**What to produce**
Every record below is to be retyped exactly, with the pictures left out.

Start of Input

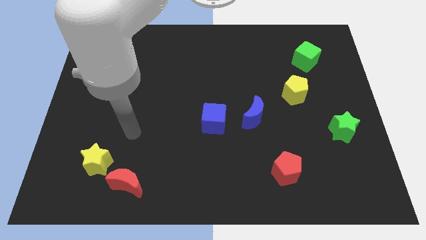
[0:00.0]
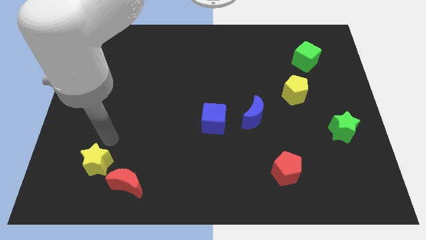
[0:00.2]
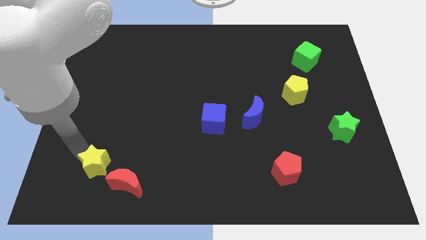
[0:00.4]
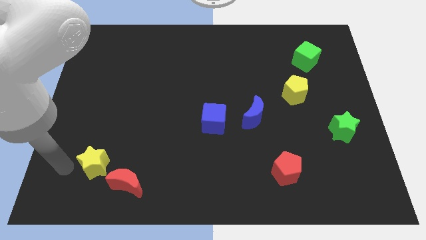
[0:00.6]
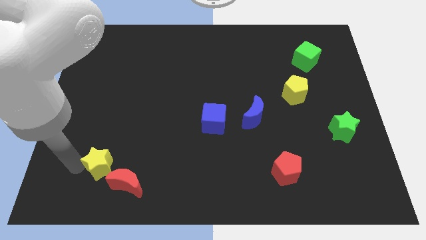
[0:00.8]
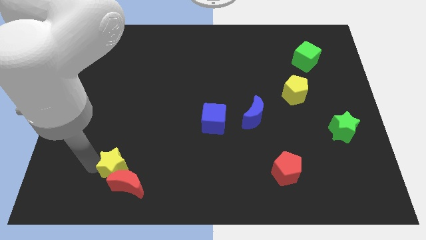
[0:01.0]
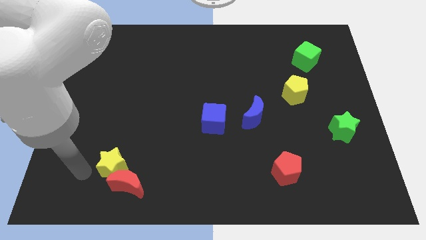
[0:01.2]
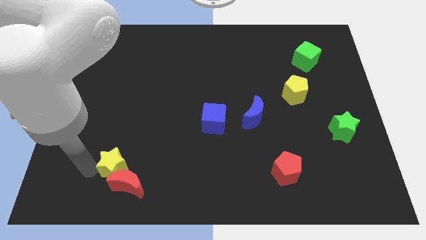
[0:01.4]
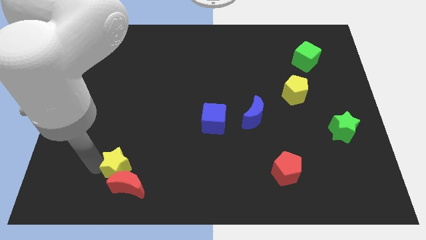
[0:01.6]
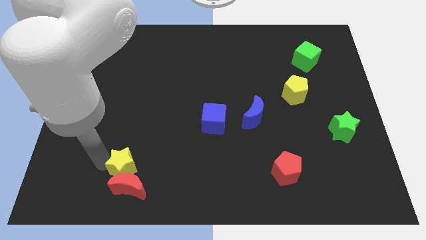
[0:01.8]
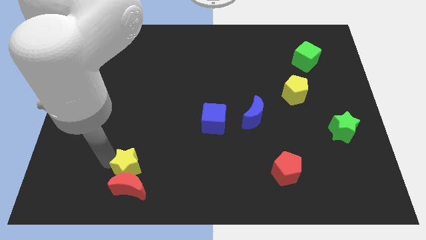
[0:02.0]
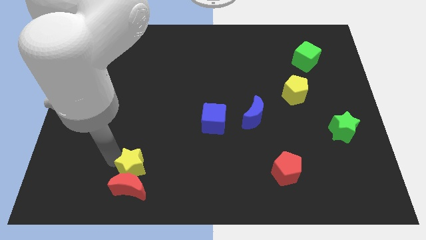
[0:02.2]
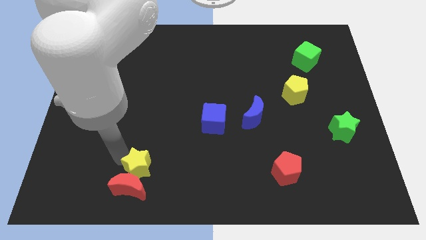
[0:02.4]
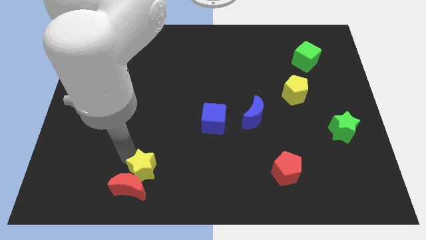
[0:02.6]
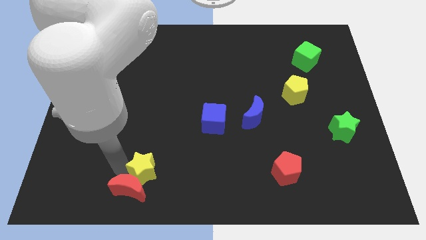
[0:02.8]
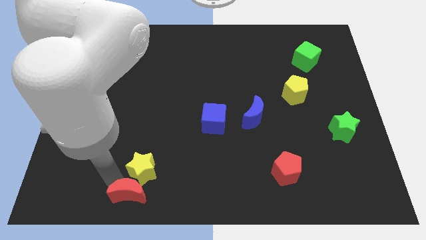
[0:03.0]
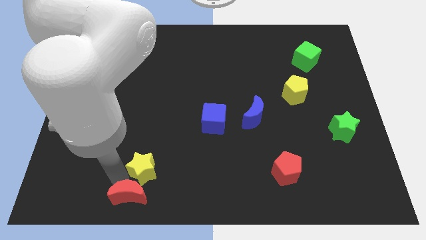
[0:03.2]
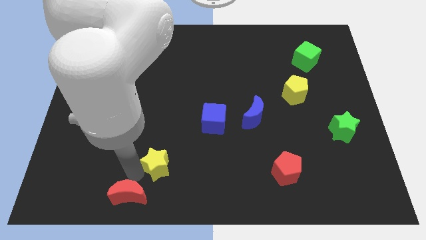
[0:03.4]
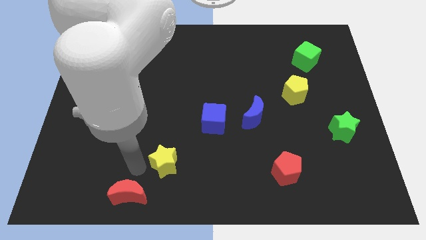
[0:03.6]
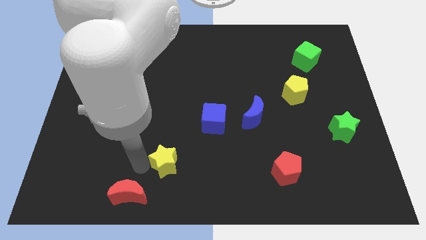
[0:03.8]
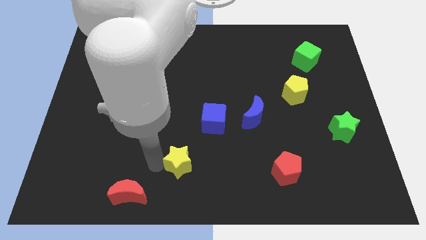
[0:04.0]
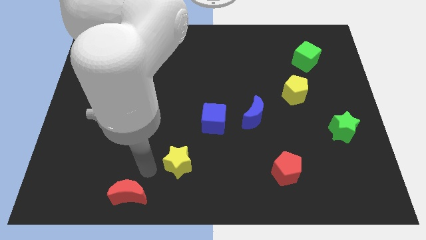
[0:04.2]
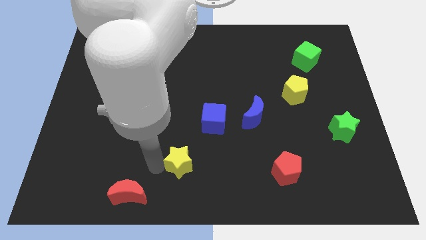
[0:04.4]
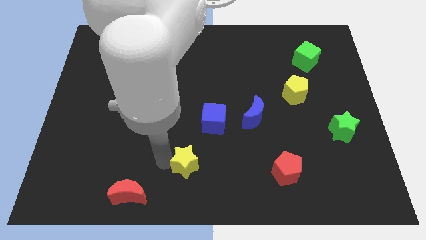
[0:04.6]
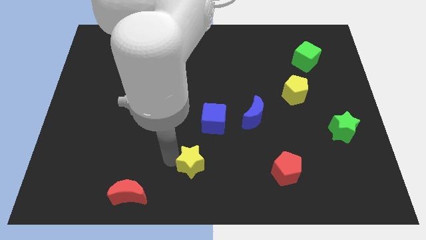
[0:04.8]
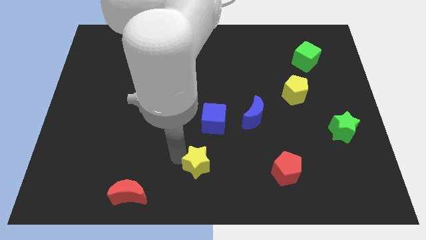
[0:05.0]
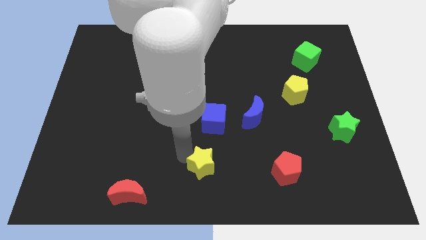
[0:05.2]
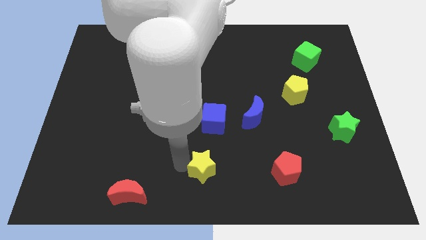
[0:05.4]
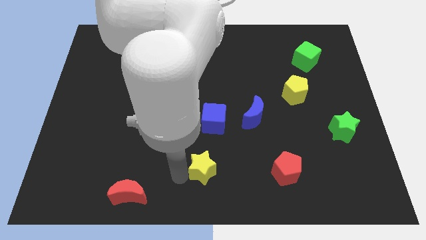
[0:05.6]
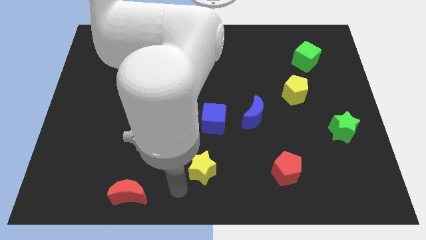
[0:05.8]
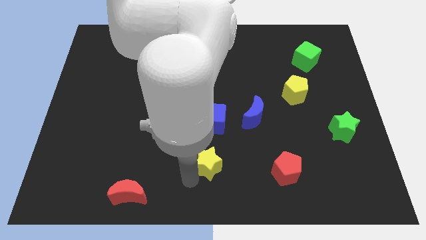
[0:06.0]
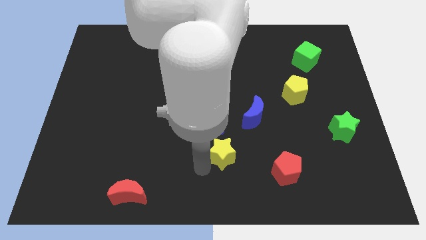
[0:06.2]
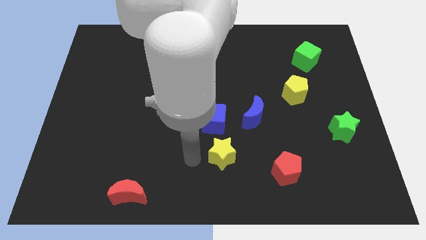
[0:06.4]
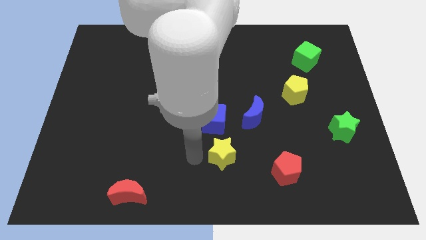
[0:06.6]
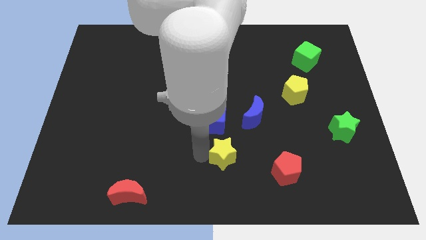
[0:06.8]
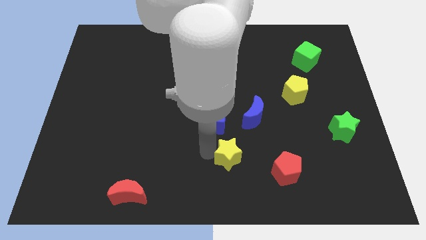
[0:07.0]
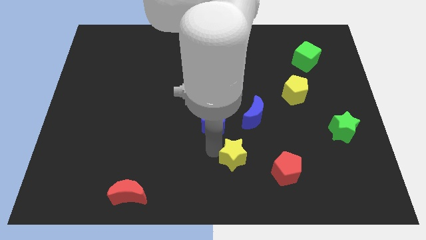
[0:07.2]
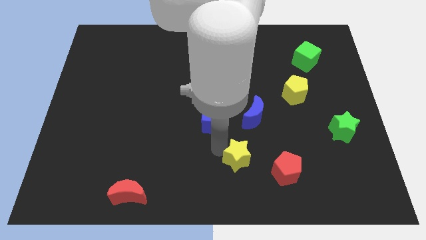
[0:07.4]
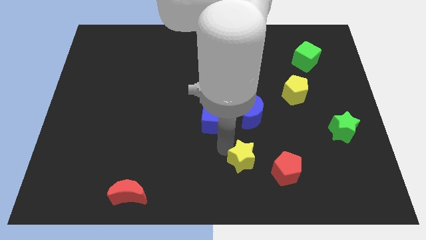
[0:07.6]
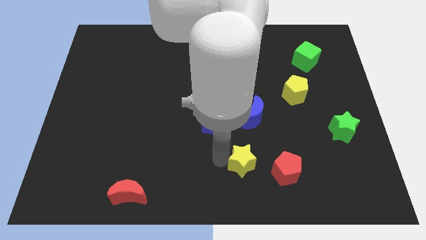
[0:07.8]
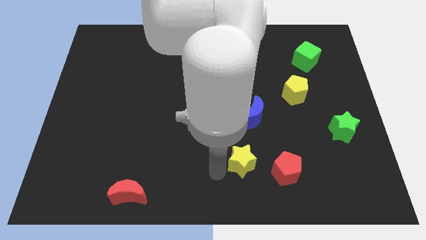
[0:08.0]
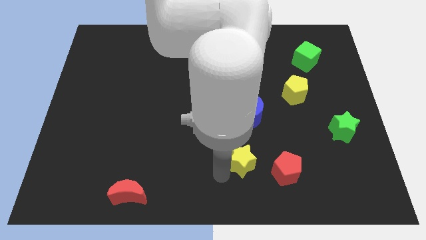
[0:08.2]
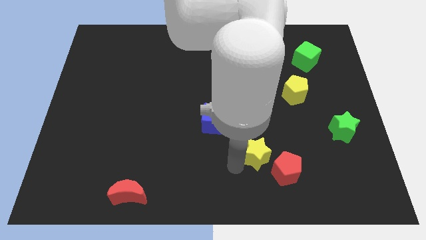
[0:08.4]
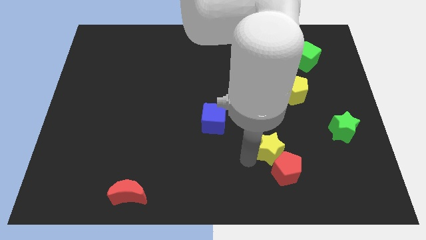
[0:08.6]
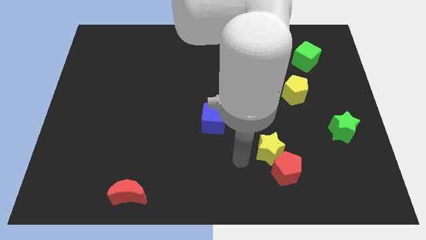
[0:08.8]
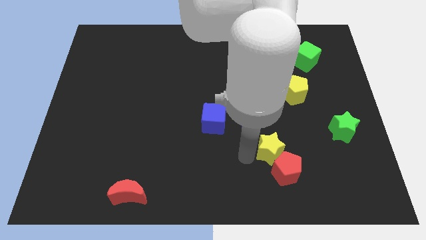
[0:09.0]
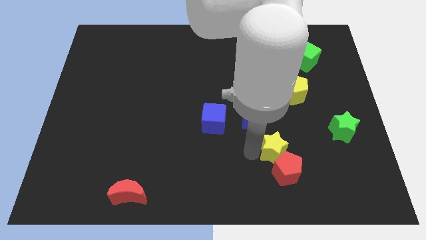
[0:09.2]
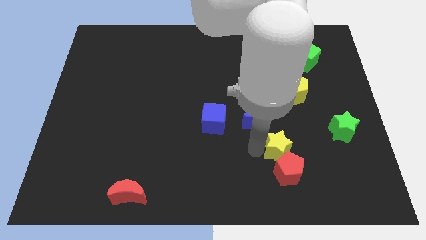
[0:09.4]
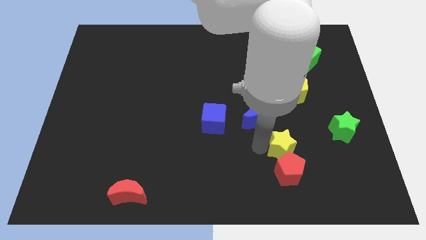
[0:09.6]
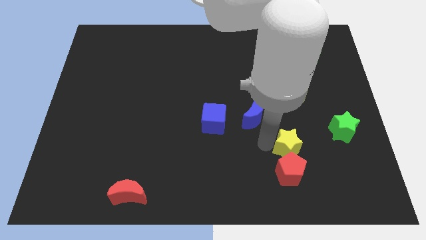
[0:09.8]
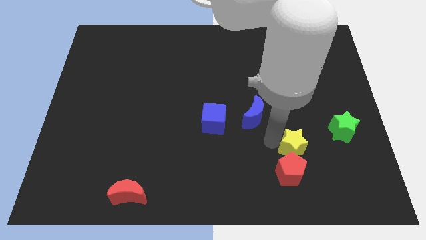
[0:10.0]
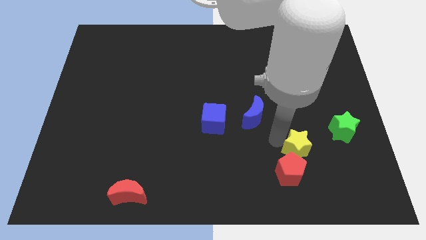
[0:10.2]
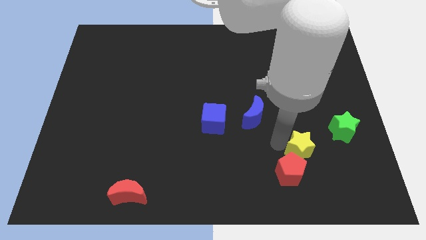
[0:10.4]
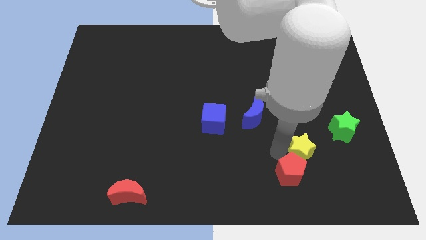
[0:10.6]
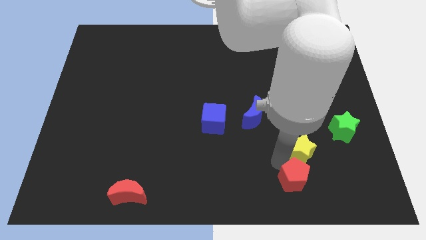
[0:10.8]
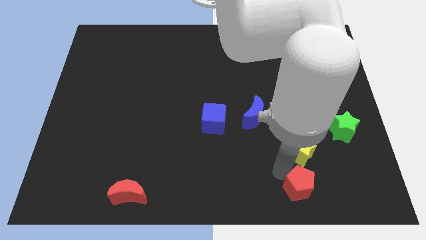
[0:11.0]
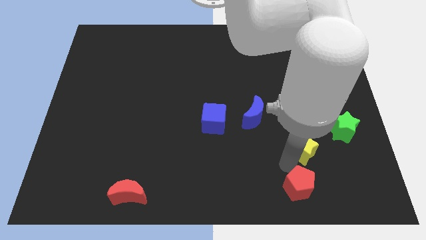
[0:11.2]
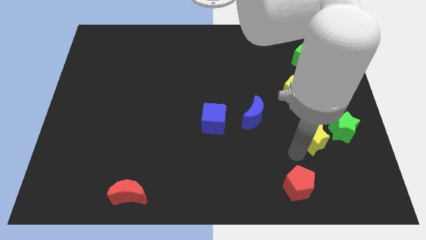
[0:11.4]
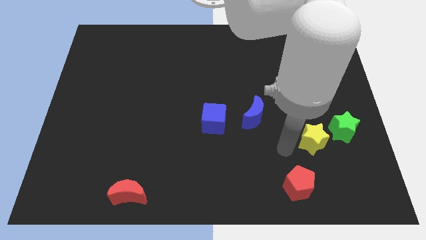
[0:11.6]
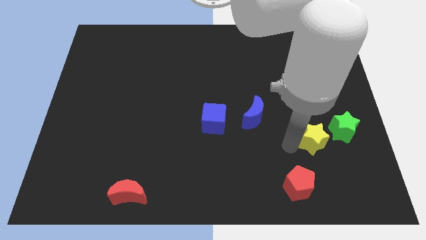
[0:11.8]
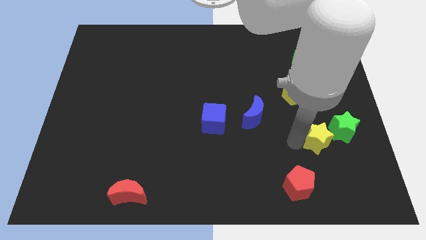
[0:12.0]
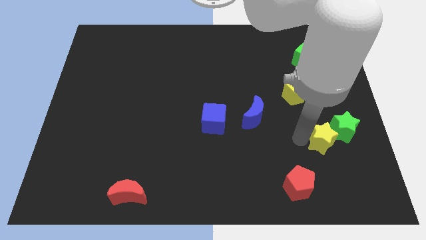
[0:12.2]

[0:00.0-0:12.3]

End of Input

**Response to the task**
[0:00.0]
[0:00.2]
[0:00.4]
[0:00.6]
[0:00.8]
[0:01.0]
[0:01.2]
[0:01.4]
[0:01.6]
[0:01.8]
[0:02.0]
[0:02.2]
[0:02.4]
[0:02.6]
[0:02.8]
[0:03.0]
[0:03.2]
[0:03.4]
[0:03.6]
[0:03.8]
[0:04.0]
[0:04.2]
[0:04.4]
[0:04.6]
[0:04.8]
[0:05.0]
[0:05.2]
[0:05.4]
[0:05.6]
[0:05.8]
[0:06.0]
[0:06.2]
[0:06.4]
[0:06.6]
[0:06.8]
[0:07.0]
[0:07.2]
[0:07.4]
[0:07.6]
[0:07.8]
[0:08.0]
[0:08.2]
[0:08.4]
[0:08.6]
[0:08.8]
[0:09.0]
[0:09.2]
[0:09.4]
[0:09.6]
[0:09.8]
[0:10.0]
[0:10.2]
[0:10.4]
[0:10.6]
[0:10.8]
[0:11.0]
[0:11.2]
[0:11.4]
[0:11.6]
[0:11.8]
[0:12.0]
[0:12.2]

[0:00.0-0:12.3]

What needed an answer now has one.